Integrating Audit
It is no secret that the days of siloed Internal Audit processes do not lead to success in this day of fast-moving risks, demands for real time awareness and collaboration. Rather than auditors working and wading through opaque processes – lost in spreadsheets, internal check lists, and fractured auditing protocols across different business functions, we are seeing several cloud-based IA process automation tools (such as, www.auditprodigy.com) enable a unified framework and day-to-day processes. These tools allow IA to achieve more effective engagements – be it risk assessments, document requests, process mapping, financial or operational and internal control audits / reviews.
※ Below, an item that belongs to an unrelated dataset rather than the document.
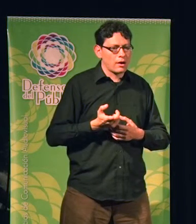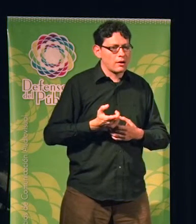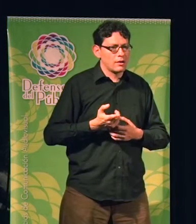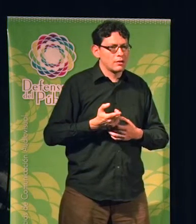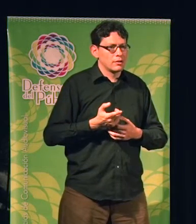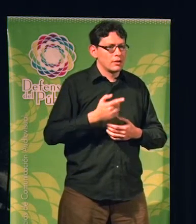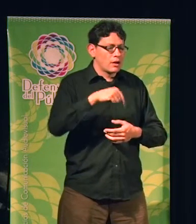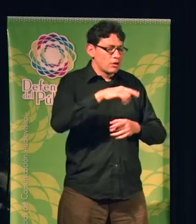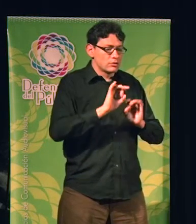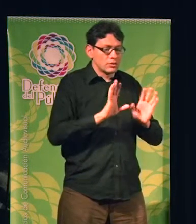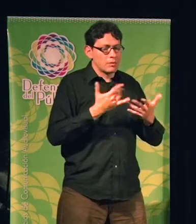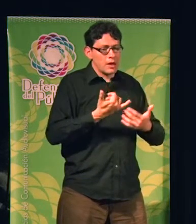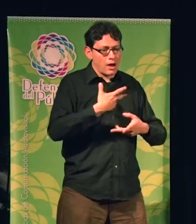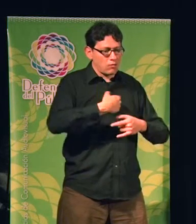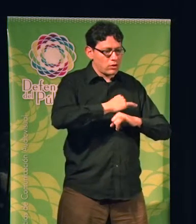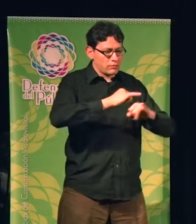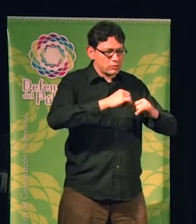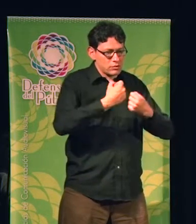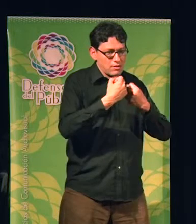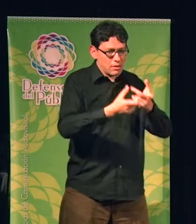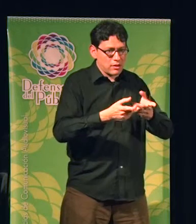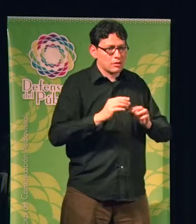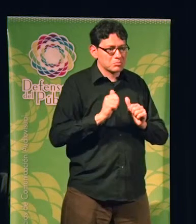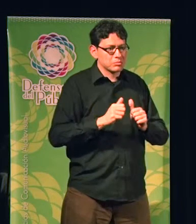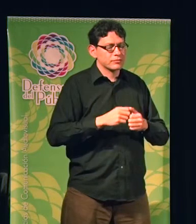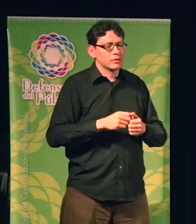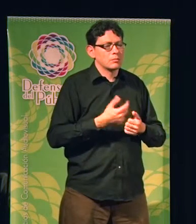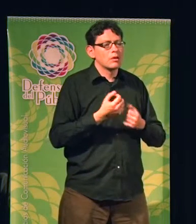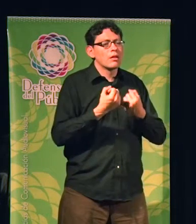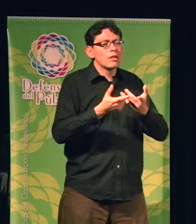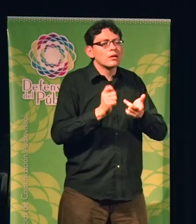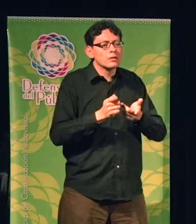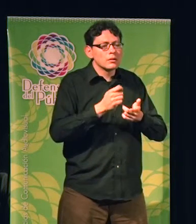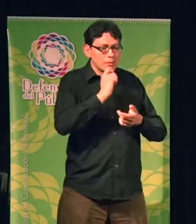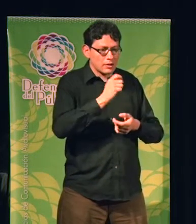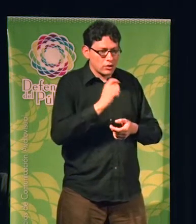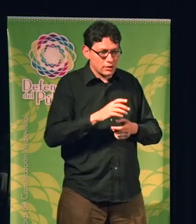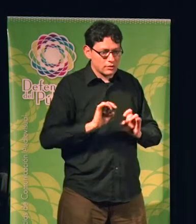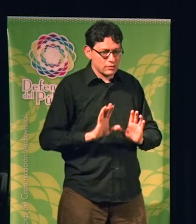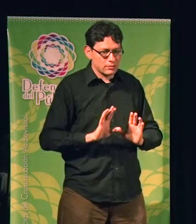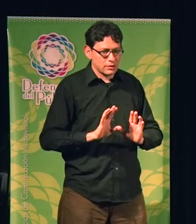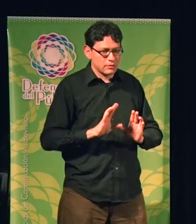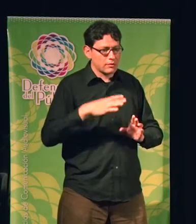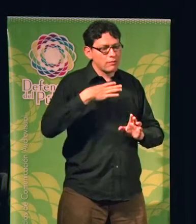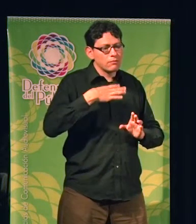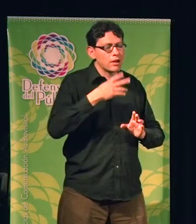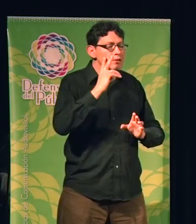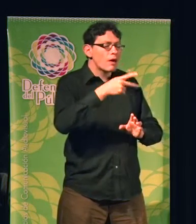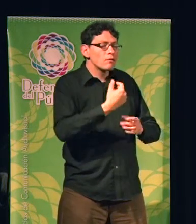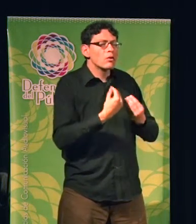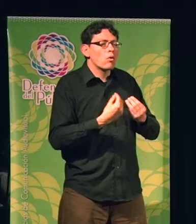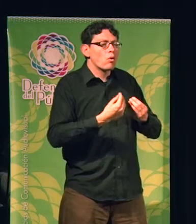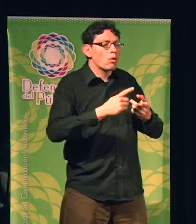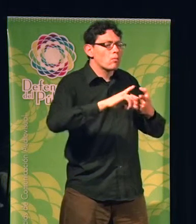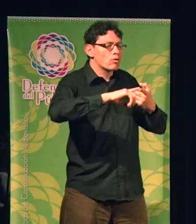ciencia y las está produciendo el periodista. Pero me parece que tenemos que empezar a afilar esa interacción
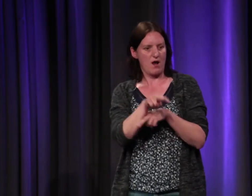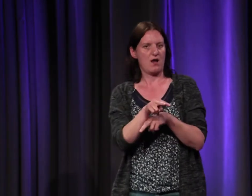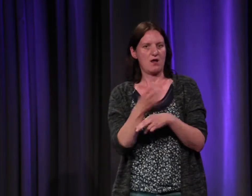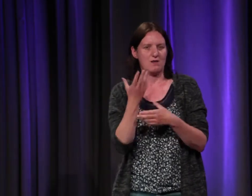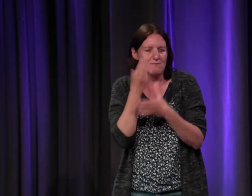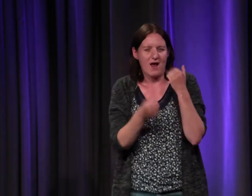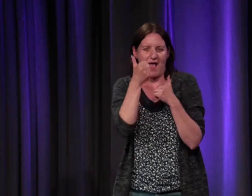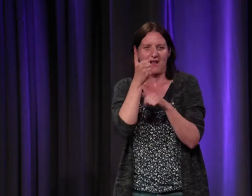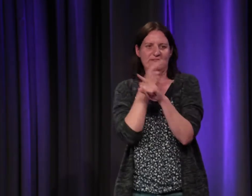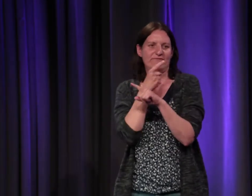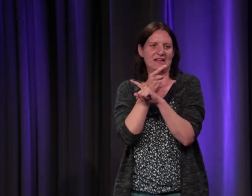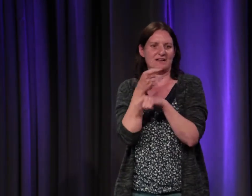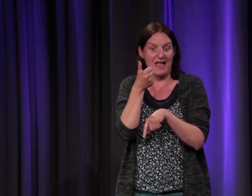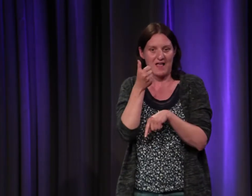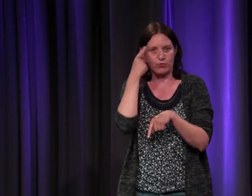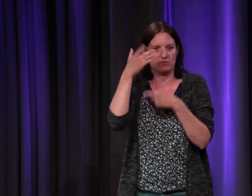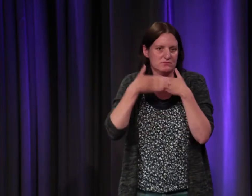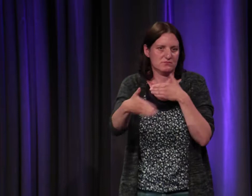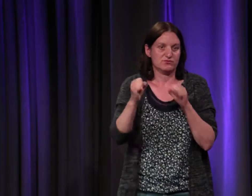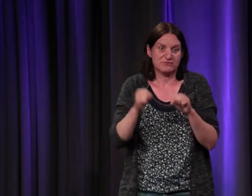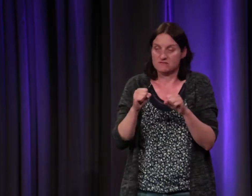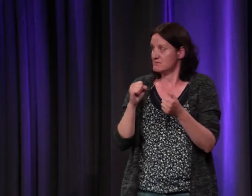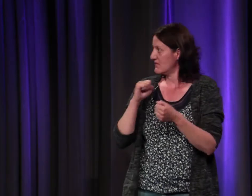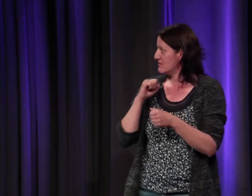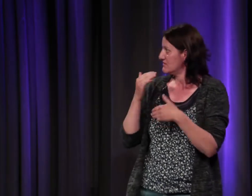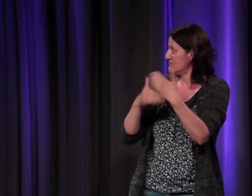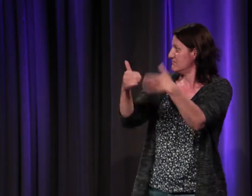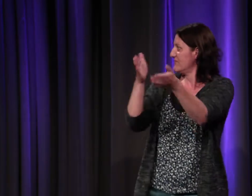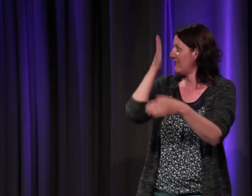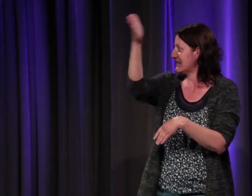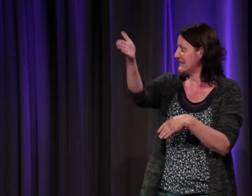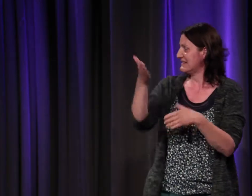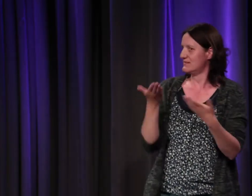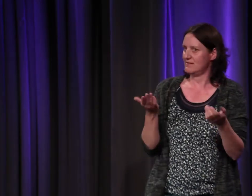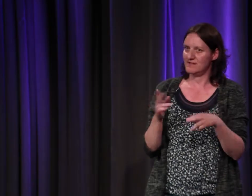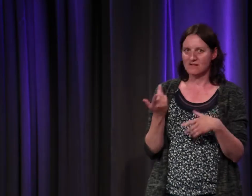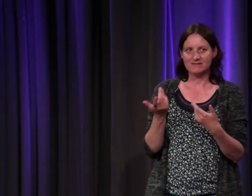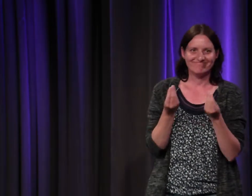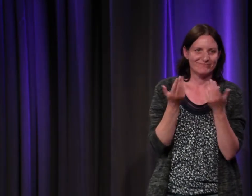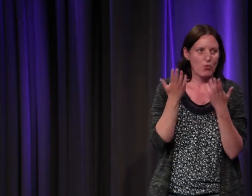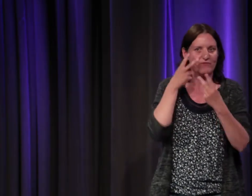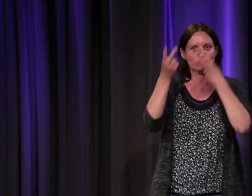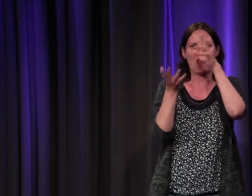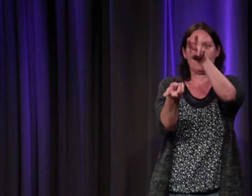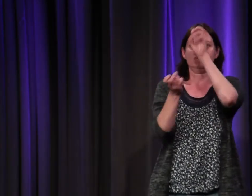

Integrated auditing is a symbiotic relationship between information technology as well as financial and operational controls in establishing an effective and efficient internal control environment. Public companies are already required to conduct integrated audits by mandating that auditors express an opinion on internal controls integrating the financial reporting audit with an internal controls audit. This is the legal requirement, but the process of holistic integration in audit is left undefined for companies to put together themselves. Management is responsible for designing the approach but Internal Audit can play a valuable advisory role. The ideal state should be setting an organized framework for establishing, maintaining, and reporting on an internal control structure and protocols for the auditors that are required to assess this internal control structure.
Not all controls reside in financial and operational processes. Issues identified in information technology may negate the effectiveness of the financial and operational controls and visa-versa. Therefore, an integrated audit evaluates the interplay between financial, operational, and technology processes on the achievement of control objectives.
The following areas deserve consideration in designing an effective integrated audit framework:
- How effective and accurate are the process maps? Does Internal Audit facilitate such a process to enable management take responsibility to document and maintain their processes?
- Are the business and information processing risks and controls understood and agreed upon by the stakeholders, IT delivery and support organization, and the integrated audit team?
- Are manual and automated feeds, system interfaces, and communications accurate, timely and secure?
- Manual and automated transactions are approved, timely and accurately processed?
- Information is secure and confidentiality controls follow current regulations?
- Do Disaster Recovery and Business Continuity (DR & BC) plans provide reasonable assurance that both the system and business operations can recover and continue when a system or business interruption occurs?
- Are program changes are tested, approved and migrated to production as prescribed by the business process owners?
Moving an organization towards an integrated auditing framework is a crucial step towards organizational maturity. A modern integrated audit doesn’t just adhere to the legal requirement but establishes precedent within the organization for how the compliance landscape will evolve taking into consideration technology, and thus preemptively being prepared.
Sarbanes Oxley is the mandate for public companies, but the regulatory requirements for private companies will inevitably follow suit as more organizations mature and opt to stay private. As regulation continues to mature around the technology space, how are internal control over information technology going to be managed, and how are organizations going to be prepared to manage that change if they are responding late rather than anticipating the inevitable.